Where do we go now that we have a bit more specific data? Now we go investigate a bit. We have a much more specific list of IP addresses to work with. Presuming that the use of Tor is not common in our environment, this is a good place to start.

From there, we can see what else the systems using Tor have been touching internally and investigate further. We also have a good set of malware, and potentially variants, to investigate. Both of these items are specific enough that we may get a more manageable set of results out of querying our SIEM.

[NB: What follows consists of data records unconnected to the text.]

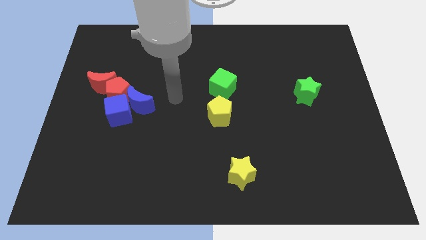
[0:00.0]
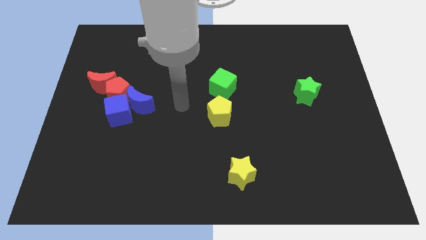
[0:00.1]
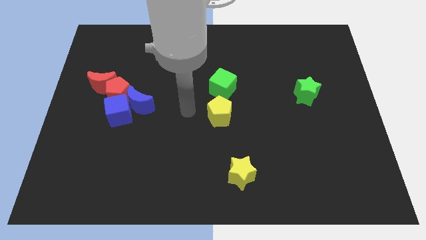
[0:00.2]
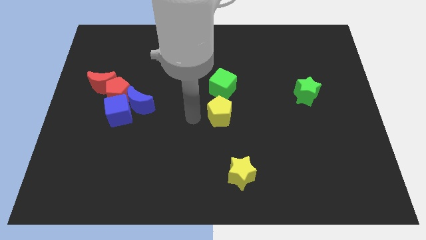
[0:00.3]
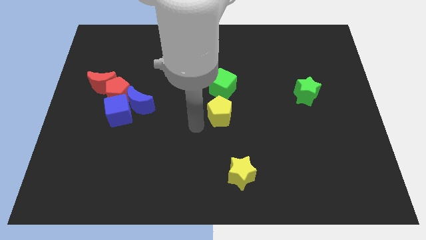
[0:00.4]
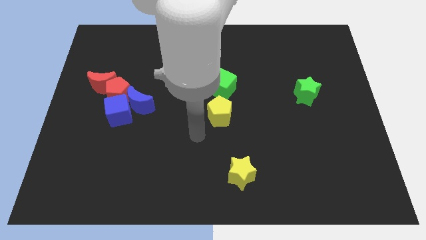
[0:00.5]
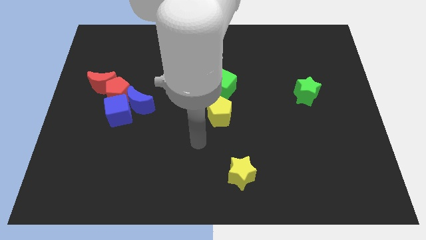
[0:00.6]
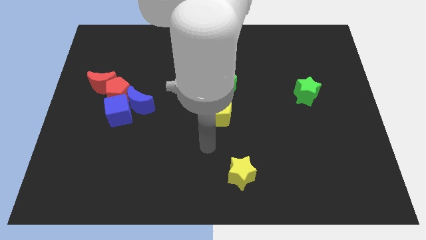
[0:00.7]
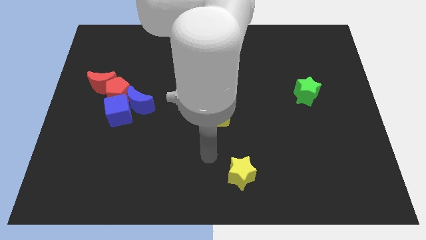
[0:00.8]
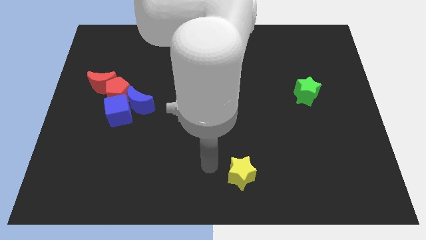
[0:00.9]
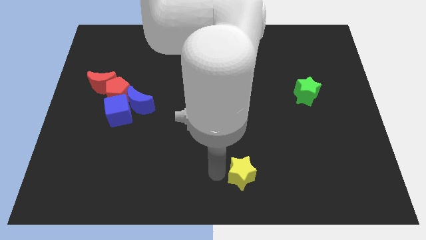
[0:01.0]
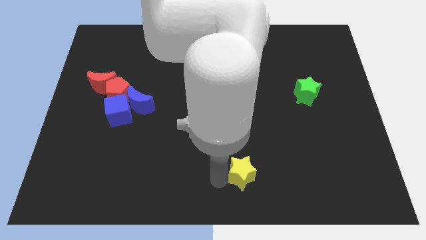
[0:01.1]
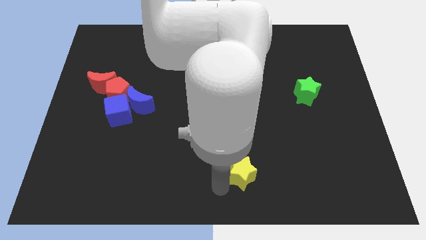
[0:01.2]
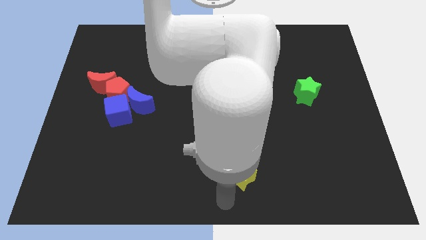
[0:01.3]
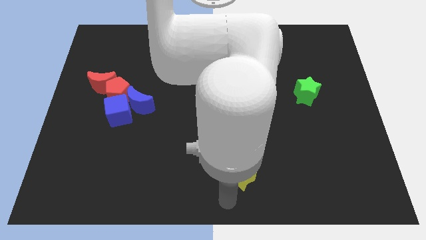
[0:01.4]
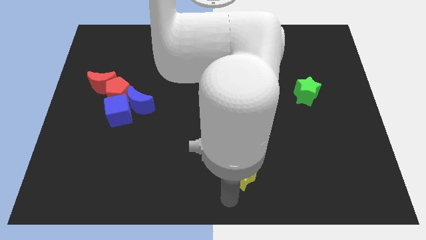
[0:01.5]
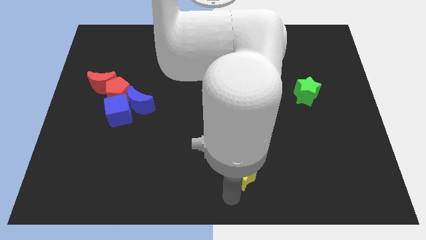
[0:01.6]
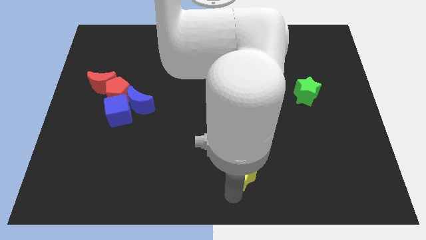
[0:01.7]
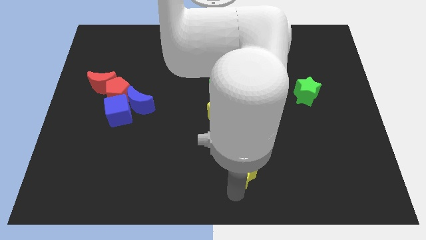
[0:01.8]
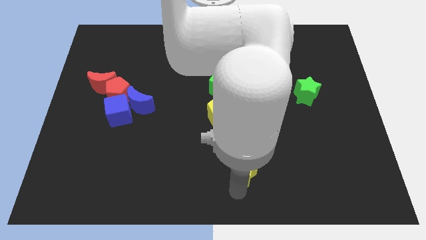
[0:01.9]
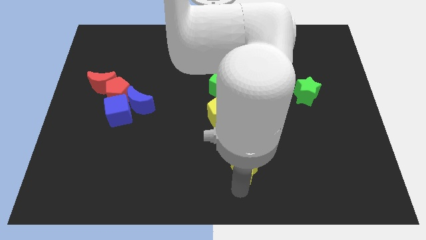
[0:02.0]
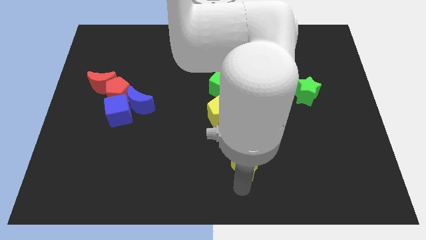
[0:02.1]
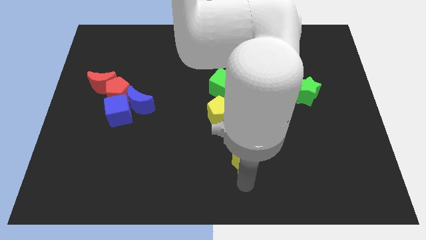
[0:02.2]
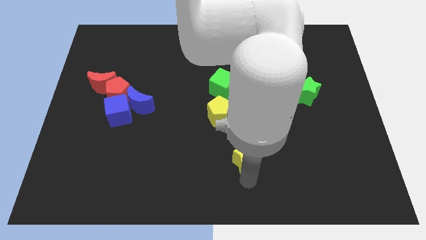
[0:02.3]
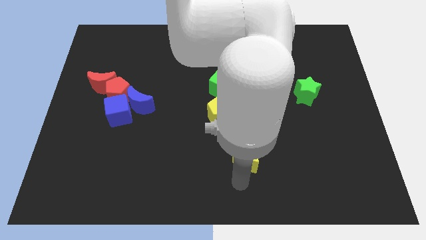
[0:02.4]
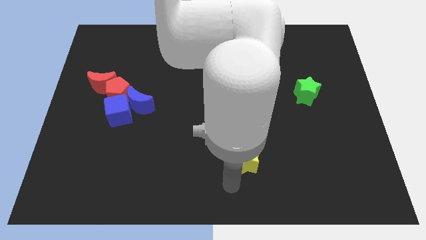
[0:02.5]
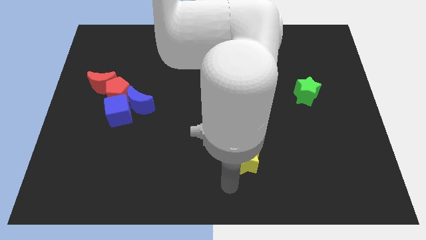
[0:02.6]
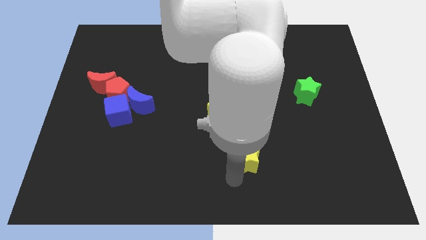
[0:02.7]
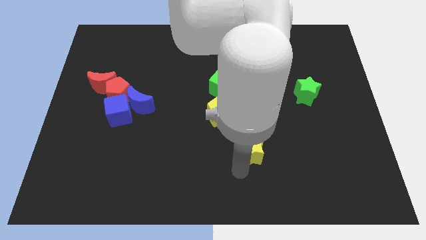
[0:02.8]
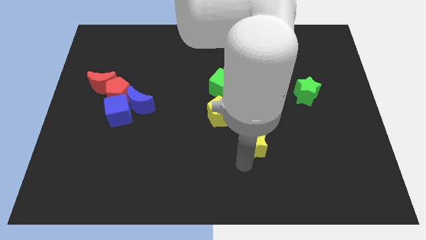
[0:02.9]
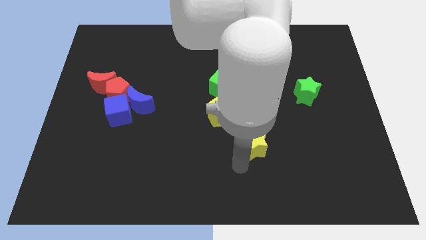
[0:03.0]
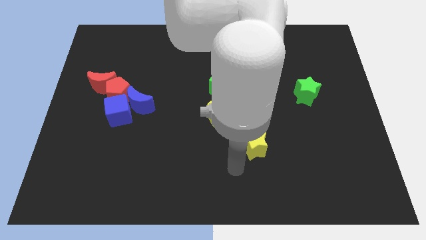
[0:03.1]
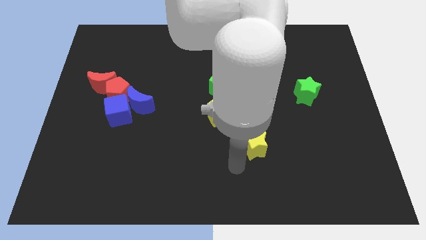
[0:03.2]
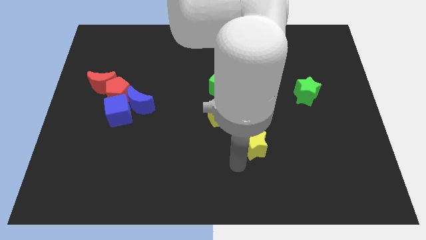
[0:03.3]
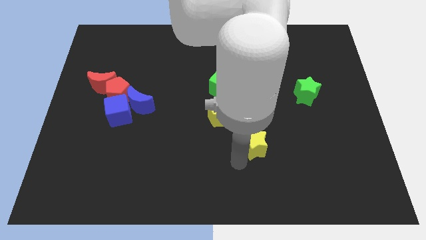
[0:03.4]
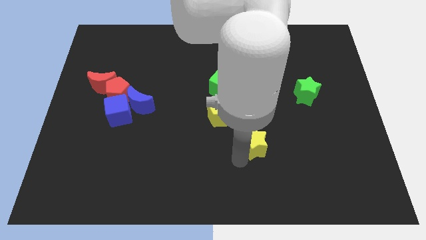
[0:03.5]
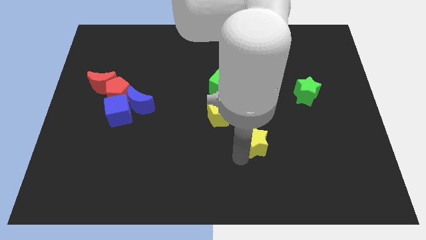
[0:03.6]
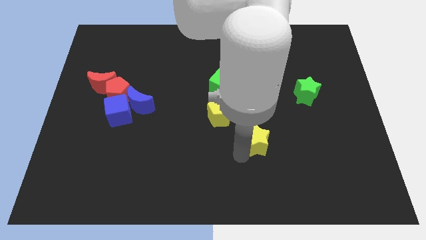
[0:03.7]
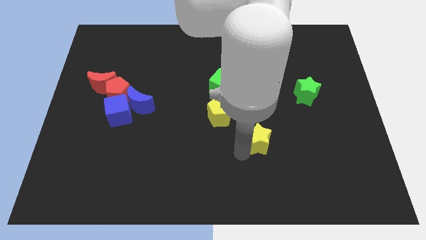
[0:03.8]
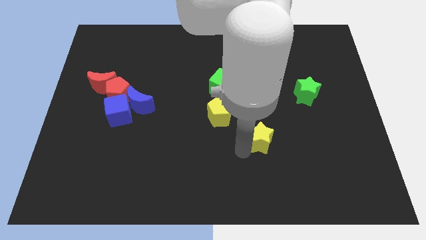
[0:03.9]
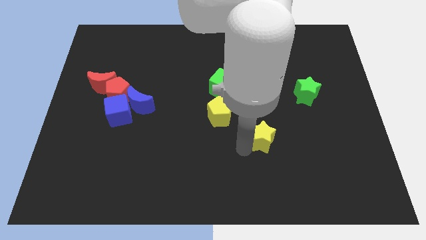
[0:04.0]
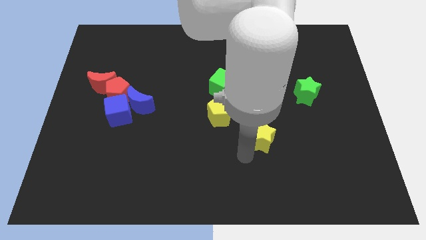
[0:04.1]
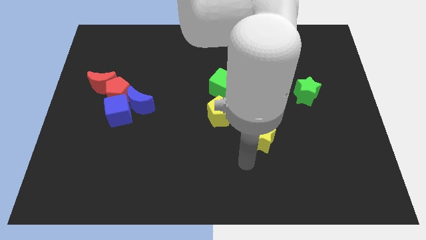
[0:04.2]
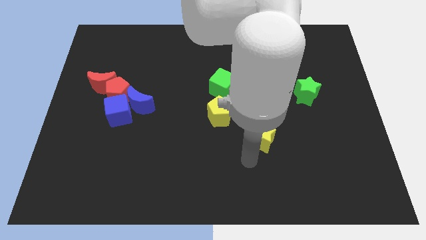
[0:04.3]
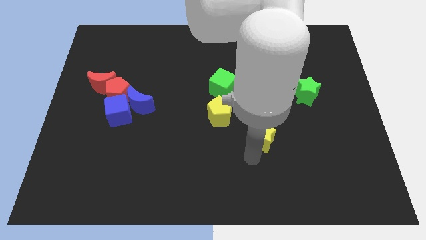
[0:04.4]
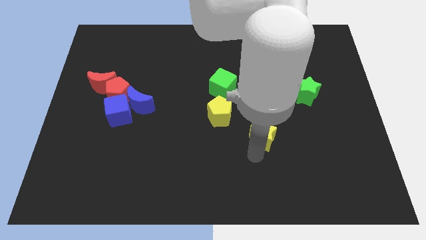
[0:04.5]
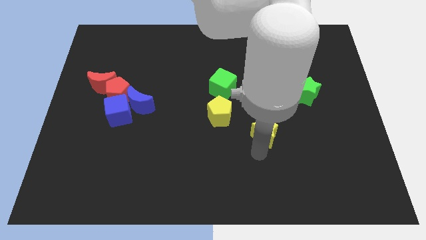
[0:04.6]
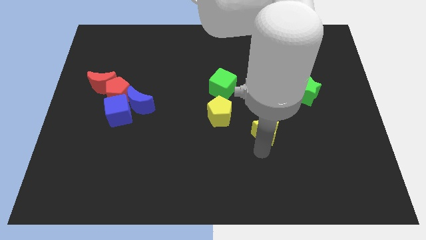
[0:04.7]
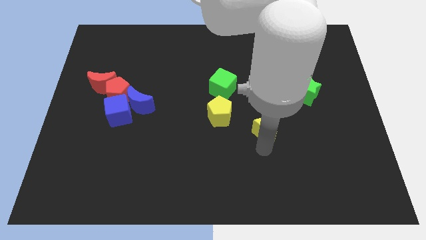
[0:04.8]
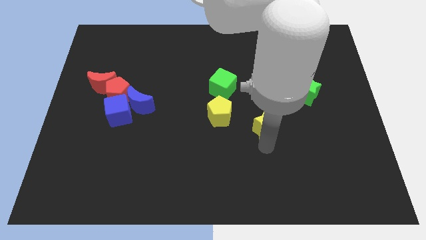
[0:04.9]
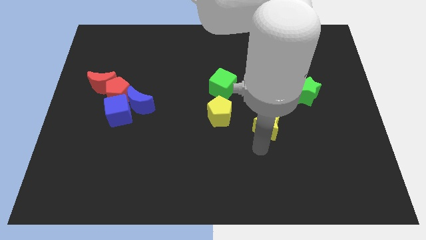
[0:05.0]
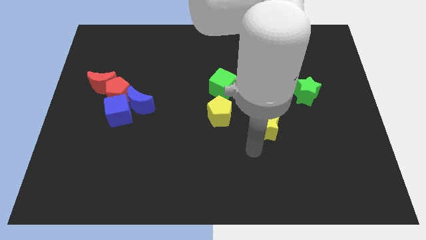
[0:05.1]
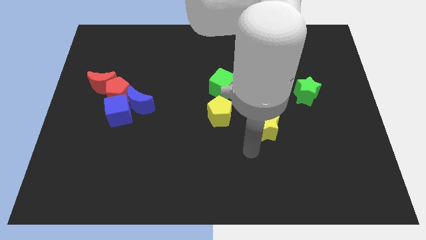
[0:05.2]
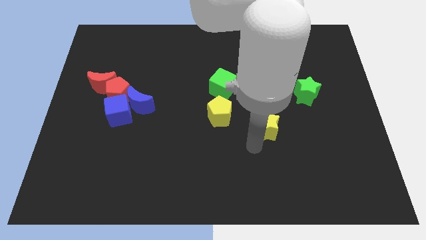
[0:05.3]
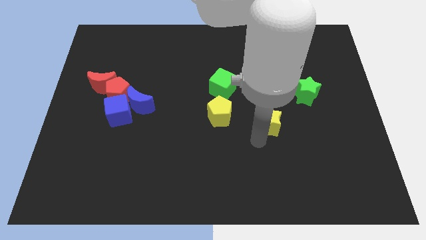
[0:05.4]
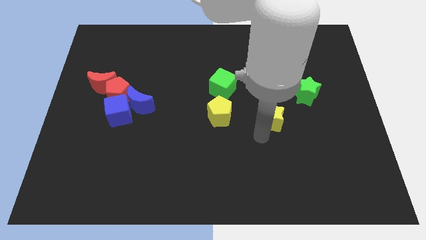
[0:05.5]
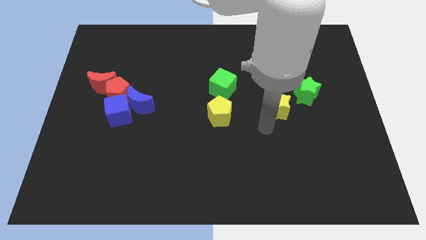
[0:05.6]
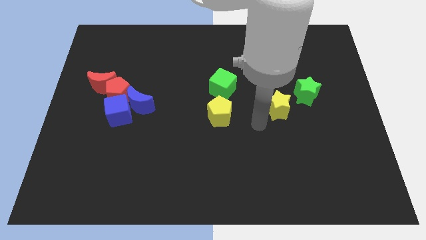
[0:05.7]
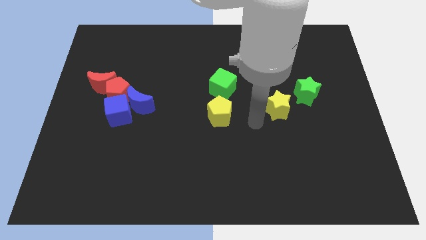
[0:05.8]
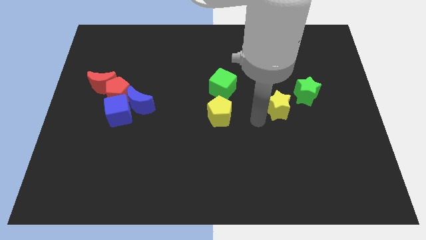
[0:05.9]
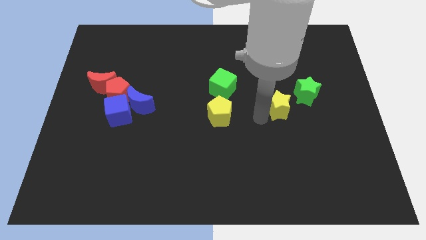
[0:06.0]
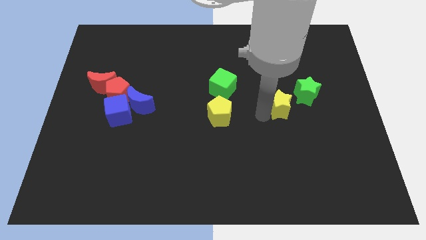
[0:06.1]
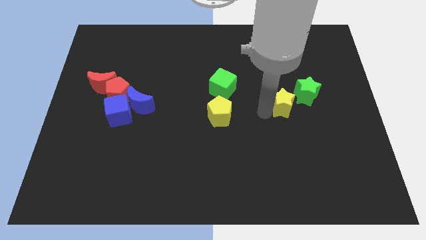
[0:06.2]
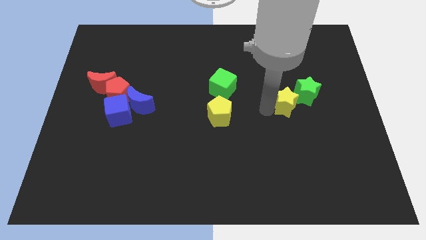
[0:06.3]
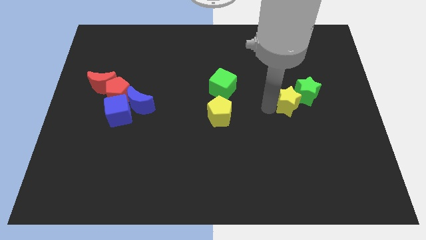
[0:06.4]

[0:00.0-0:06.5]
move the yellow star towards the green star

Once we have a good look at the systems that have presented themselves as being outliers among normal system activity immediately, by communicating via Tor or displaying malware-like behaviors, in addition to catching the bad guys, we can also use these results to help refine our security tools. IDSs can be tuned, YARA signatures added to our anti-malware devices, and better querying and altering configured on our SIEMs. As we discussed earlier, through developing better tools for investigation, we ease the path for ourselves the next time we need to do this.

Conclusion

In our daily duties as security professionals, we need context in order to be successful. As the old saying goes, “garbage in, garbage out”. Fortunately, with a little elbow grease, some command line kung-fu, and just a quantum of clever, we can often get to a place of better context by processing the data through a few simple tools. Like a magician’s trick, it doesn’t seem like much once we know how it was done, but these are the tactics on which much of the security industry survives.

The next time you find yourself facing down a mountain of log file or a pile of useless-looking data, get a fresh coffee, roll up your sleeves, and see where you can get by crunching the data a bit to gain some context and hone in on the interesting bits.